Data extracts:
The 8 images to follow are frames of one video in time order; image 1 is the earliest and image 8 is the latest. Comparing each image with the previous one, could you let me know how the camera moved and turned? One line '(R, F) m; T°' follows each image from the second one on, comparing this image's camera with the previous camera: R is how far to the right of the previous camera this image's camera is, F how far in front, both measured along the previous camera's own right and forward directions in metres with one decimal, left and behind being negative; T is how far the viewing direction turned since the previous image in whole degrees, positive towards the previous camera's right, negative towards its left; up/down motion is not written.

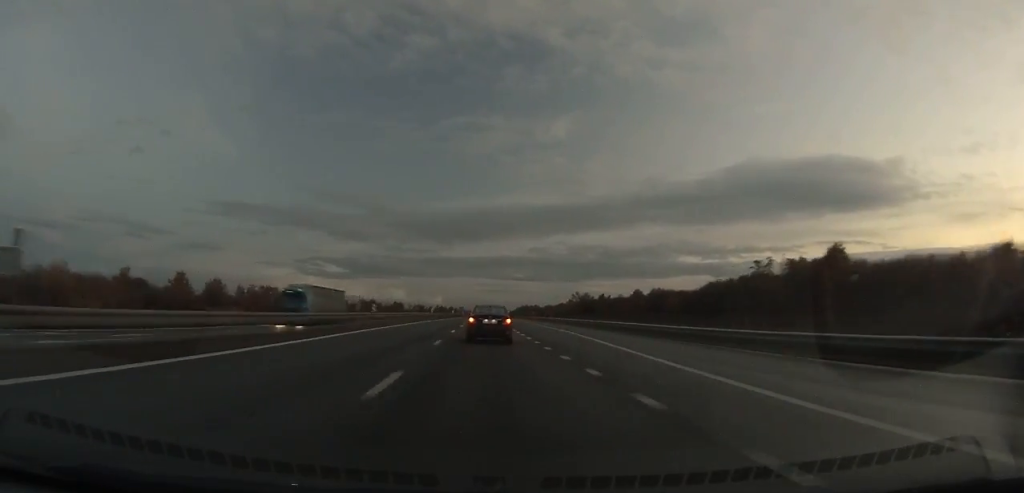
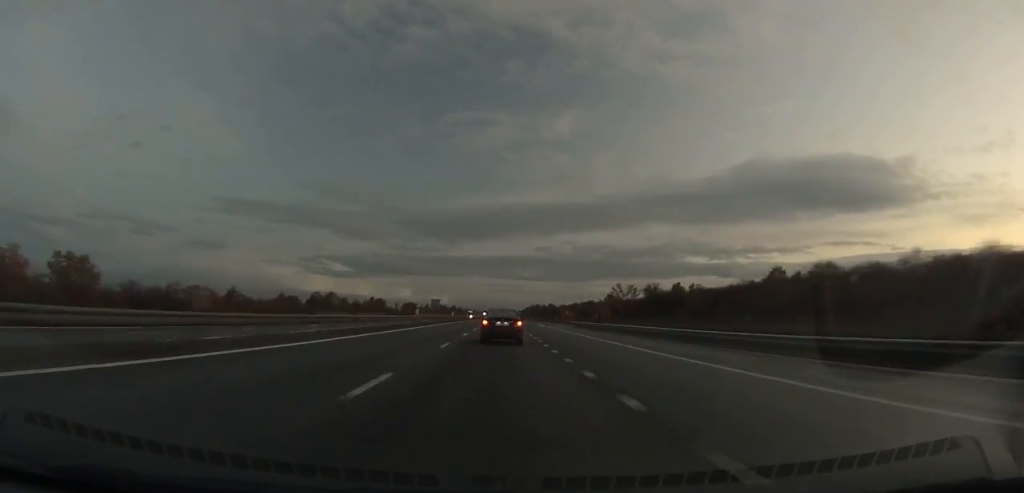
(-0.6, +97.5) m; -1°
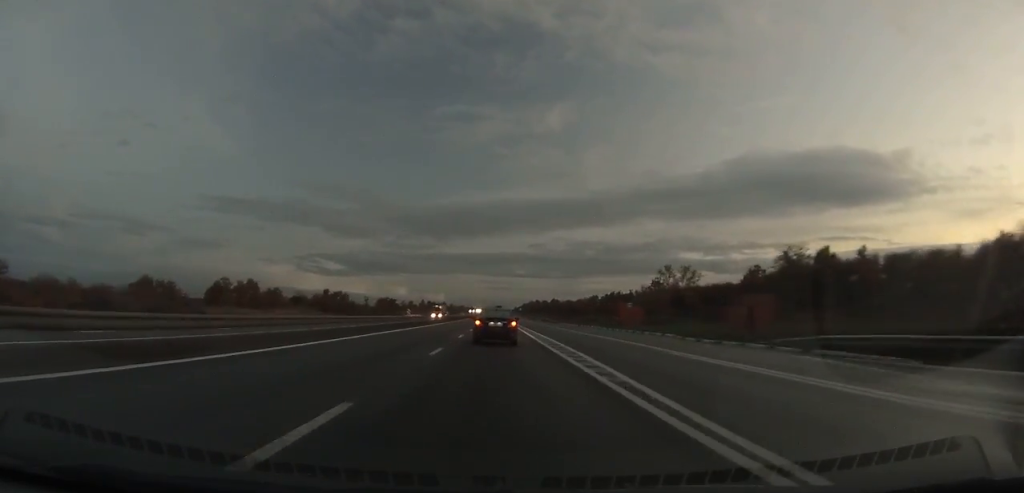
(-0.3, +78.5) m; 0°
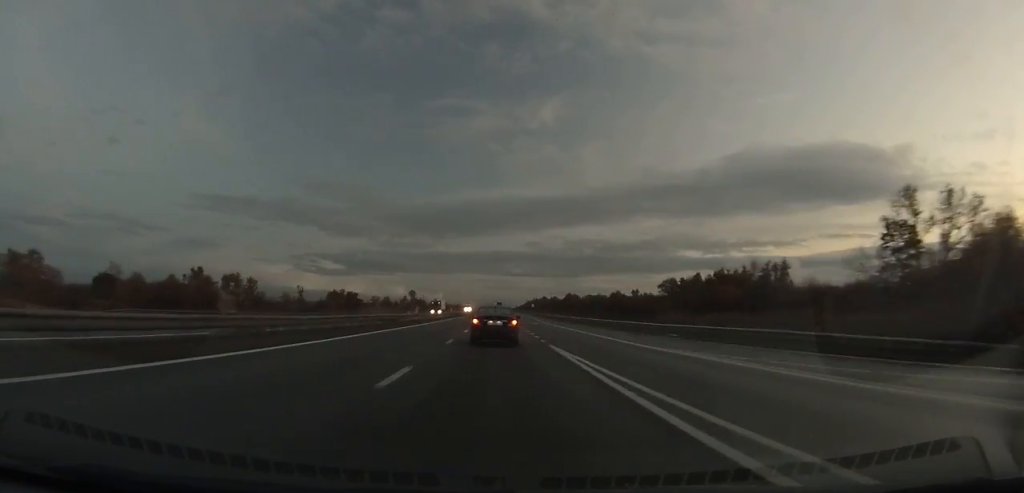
(+0.2, +108.7) m; 0°
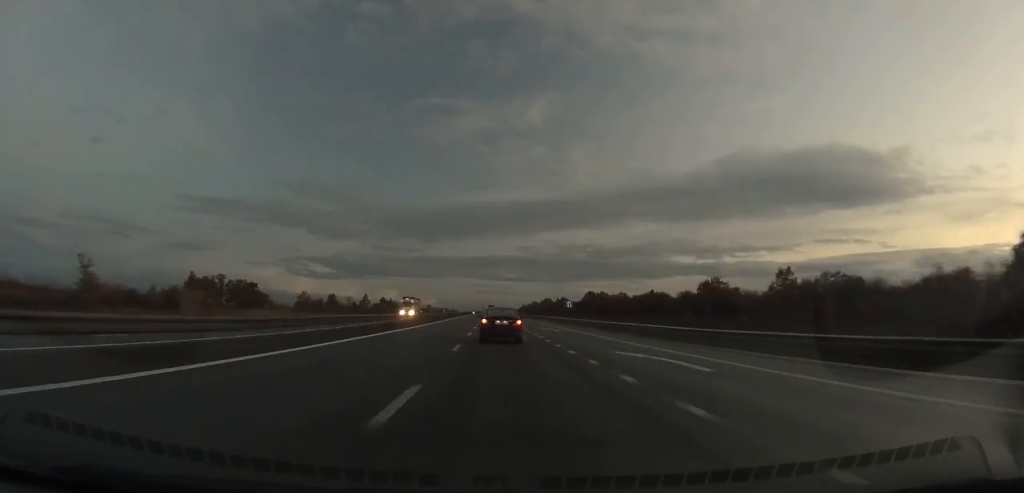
(+0.1, +119.0) m; 0°
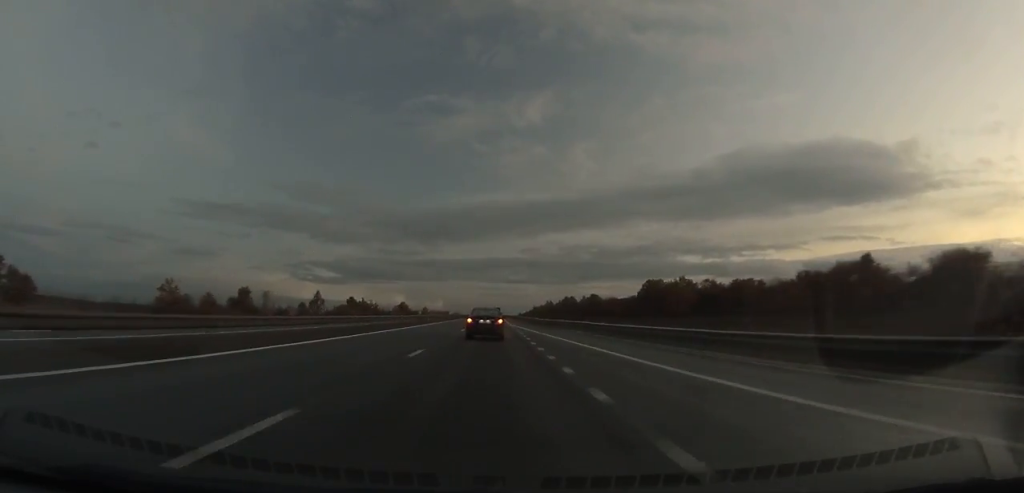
(+0.1, +102.6) m; 0°
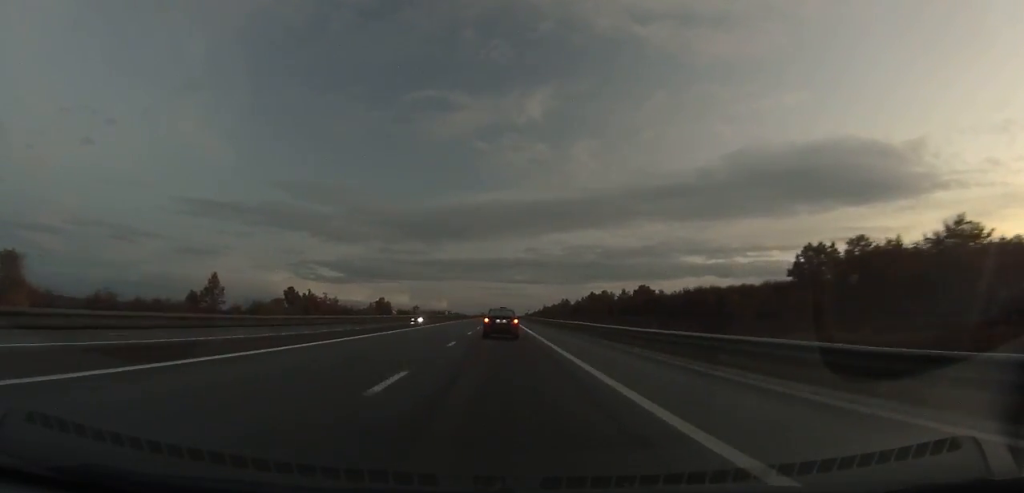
(-0.2, +91.9) m; 0°
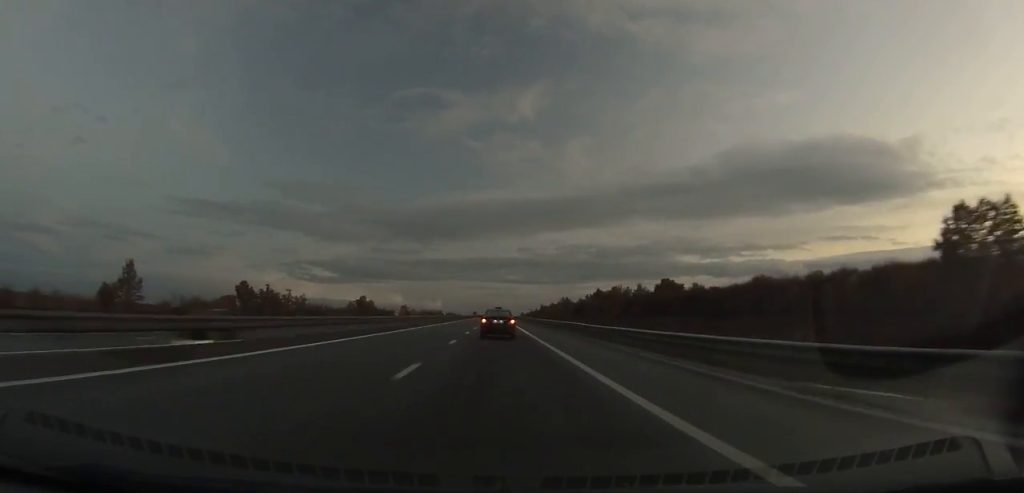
(0.0, +33.2) m; 0°

Task details: Reproduce each entry exactly, without the pictures.

Your solution:
The 8 images to follow are frames of one video in time order; image 1 is the earliest and image 8 is the latest. Comparing each image with the previous one, could you let me know how the camera moved and turned? One line '(R, F) m; T°' follows each image from the second one on, comparing this image's camera with the previous camera: R is how far to the right of the previous camera this image's camera is, F how far in front, both measured along the previous camera's own right and forward directions in metres with one decimal, left and behind being negative; T is how far the viewing direction turned since the previous image in whole degrees, positive towards the previous camera's right, negative towards its left; up/down motion is not written.

(-0.6, +97.5) m; -1°
(-0.3, +78.5) m; 0°
(+0.2, +108.7) m; 0°
(+0.1, +119.0) m; 0°
(+0.1, +102.6) m; 0°
(-0.2, +91.9) m; 0°
(0.0, +33.2) m; 0°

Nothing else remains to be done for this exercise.